12.3 Step 4.3: Analyze and Handle Outliers

# Analyze outliers
print("="*80)
print("OUTLIER ANALYSIS")
print("="*80)

# Age outliers
print("\nAge Outliers (sample):")
display(age_outliers[['age', 'pclass', 'sex', 'survived']].head(10))

# Check if age outliers are legitimate
print(f"\nAge outliers statistics:")
print(f"Mean survival rate of age outliers: {age_outliers['survived'].mean():.2%}")
print(f"Overall survival rate: {df['survived'].mean():.2%}")

# Fare outliers
print("\n\nFare Outliers (sample - highest fares):")
display(fare_outliers.nlargest(10, 'fare')[['fare', 'pclass', 'sex', 'survived']])

# Check if fare outliers are legitimate
print(f"\nFare outliers statistics:")
print(f"Mean survival rate of fare outliers: {fare_outliers['survived'].mean():.2%}")
print(f"Overall survival rate: {df['survived'].mean():.2%}")

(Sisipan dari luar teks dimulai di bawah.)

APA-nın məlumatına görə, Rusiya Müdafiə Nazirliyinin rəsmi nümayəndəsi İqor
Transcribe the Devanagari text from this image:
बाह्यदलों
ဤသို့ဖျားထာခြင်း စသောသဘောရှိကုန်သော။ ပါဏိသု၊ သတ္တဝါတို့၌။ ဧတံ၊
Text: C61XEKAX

# Decision: Keep outliers but note them
print("\n" + "="*80)
print("OUTLIER HANDLING DECISION")
print("="*80)
print("KEEP all outliers because:")
print("1. Age outliers are legitimate (elderly passengers)")
print("2. Fare outliers represent genuine first-class tickets")
print("3. Outliers contain valuable information about survival patterns")
print("4. Can use robust scaling methods later if needed")
Outlier Handling Strategy

Tidak semua outliers harus dihilangkan! Pertimbangkan:

  1. Domain knowledge: Apakah outlier masuk akal? (Usia 80 tahun = valid)
  2. Impact on target: Apakah outliers memiliki pola survival berbeda?
  3. Percentage: Jika <5% dan random, bisa di-remove
  4. Alternative: Gunakan robust methods (median, robust scaling)

Dalam kasus Titanic, outliers adalah legitimate data points yang memberikan informasi penting.

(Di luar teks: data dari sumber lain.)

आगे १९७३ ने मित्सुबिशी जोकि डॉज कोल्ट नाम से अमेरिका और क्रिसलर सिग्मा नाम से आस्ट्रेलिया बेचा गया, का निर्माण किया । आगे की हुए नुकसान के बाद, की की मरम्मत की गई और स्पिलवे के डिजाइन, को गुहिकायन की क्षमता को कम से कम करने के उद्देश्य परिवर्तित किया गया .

13 Part 5: Feature Engineering

13.1 Step 5.1: Extract Title from Name

# We already extracted title earlier, let's refine it
print("="*80)
print("FEATURE ENGINEERING: TITLE EXTRACTION")
print("="*80)

# Show unique titles
print("Original titles:")
print(df['title'].value_counts())

# Group rare titles
title_mapping = {
    'Mr': 'Mr',
    'Miss': 'Miss',
    'Mrs': 'Mrs',
    'Master': 'Master',
    'Rev': 'Officer',
    'Dr': 'Officer',
    'Col': 'Officer',
    'Major': 'Officer',
    'Capt': 'Officer',
    'Jonkheer': 'Royalty',
    'Don': 'Royalty',
    'Sir': 'Royalty',
    'Lady': 'Royalty',
    'Countess': 'Royalty',
    'Dona': 'Royalty',
    'Mme': 'Mrs',
    'Mlle': 'Miss',
    'Ms': 'Miss'
}

df['title'] = df['title'].map(title_mapping)

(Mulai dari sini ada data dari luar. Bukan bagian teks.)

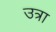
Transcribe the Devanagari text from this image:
उत्रा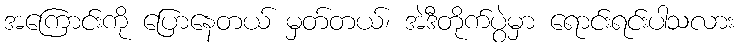
အကြောင်းကို ပြောနေတယ် မှတ်တယ်၊ အဲဒီတိုက်ပွဲမှာ ရောင်းရင်းပါသလား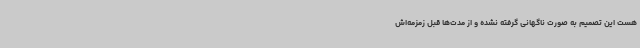
هست این تصمیم به‌ صورت ناگهانی گرفته نشده و از مدت‌ها قبل زمزمه‌اش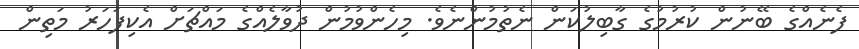
ފެނެއްގެ ބޭނުން ކުރުމުގެ ގާބިލުކަން ނެތުމުންނެވެ. މިހެންވުމުން ދުވާލެއްގެ މައްޗަށް އެކިފަހަރު މަތިން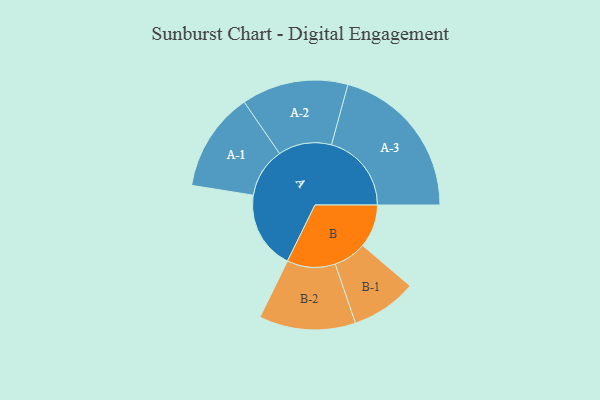
{"axis": {"x": "Segment", "y": "Value"}, "legend": ["", "A", "B"], "data": [{"x": "A", "y": 278, "type": ""}, {"x": "B", "y": 154, "type": ""}, {"x": "A-1", "y": 177, "type": "A"}, {"x": "A-2", "y": 190, "type": "A"}, {"x": "A-3", "y": 285, "type": "A"}, {"x": "B-1", "y": 117, "type": "B"}, {"x": "B-2", "y": 172, "type": "B"}]}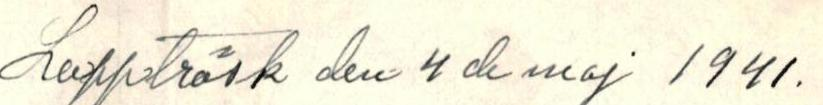
Lappträsk den 4 de maj 1941.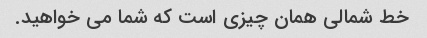
خط شمالی همان چیزی است که شما می خواهید.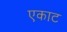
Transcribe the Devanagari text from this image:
एकाट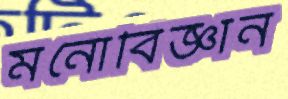
মনোবিজ্ঞান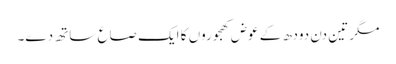
مگر تین دن دودھ کے عوض کھجوروں کا ایک صاع ساتھ دے۔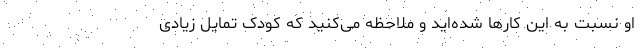
او نسبت به این کارها شده‌اید و ملاحظه می‌کنید که کودک تمایل زیادی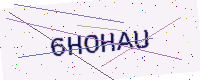
Text: 6HOHAU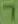
Text: 7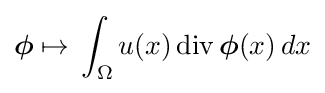
{\textstyle \displaystyle {\boldsymbol {\phi }}\mapsto \,\int _{\Omega }u(x)\operatorname {div} {\boldsymbol {\phi }}(x)\,dx}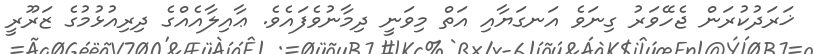
ޚަރަދުކުރަން ޖެހޭވަރު ގިނަވެ އަނގަޔާއި އަތް މިވަނީ ދިމާނުވެފައެވެ. ޢާއިލާއެއްގެ ދިރިއުޅުމުގެ ޒަރޫރީ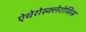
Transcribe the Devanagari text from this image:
ऐथेरोस्क्लेरोसिस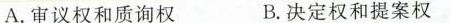
A.审议权和质询权 B.决定权和提案权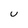
Character: U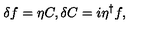
\delta f = \eta C , \delta C = i \eta ^ { \dag } f ,

print("\nRefined titles:")
print(df['title'].value_counts())

# Visualize survival by title
fig, axes = plt.subplots(1, 2, figsize=(14, 5))

# Count by title
df['title'].value_counts().plot(kind='bar', ax=axes[0], color='steelblue')
axes[0].set_title('Count by Title', fontweight='bold')
axes[0].set_ylabel('Count')
axes[0].set_xlabel('Title')
axes[0].grid(axis='y', alpha=0.3)

# Survival rate by title
survival_by_title = df.groupby('title')['survived'].mean().sort_values(ascending=False)
survival_by_title.plot(kind='bar', ax=axes[1], color='coral')
axes[1].set_title('Survival Rate by Title', fontweight='bold')
axes[1].set_ylabel('Survival Rate')
axes[1].set_xlabel('Title')
axes[1].grid(axis='y', alpha=0.3)
axes[1].set_ylim(0, 1)

# Add percentage labels
for i, v in enumerate(survival_by_title.values):
    axes[1].text(i, v + 0.02, f'{v*100:.1f}%', ha='center', fontweight='bold')

plt.tight_layout()
plt.show()

13.2 Step 5.2: Create Family Size Feature

print("="*80)
print("FEATURE ENGINEERING: FAMILY SIZE")
print("="*80)

# Create family_size = sibsp + parch + 1 (self)
df['family_size'] = df['sibsp'] + df['parch'] + 1

print("Family Size distribution:")
print(df['family_size'].value_counts().sort_index())

# Create family size categories
def categorize_family_size(size):
    if size == 1:
        return 'Alone'
    elif size <= 4:
        return 'Small'
    else:
        return 'Large'

df['family_size_category'] = df['family_size'].apply(categorize_family_size)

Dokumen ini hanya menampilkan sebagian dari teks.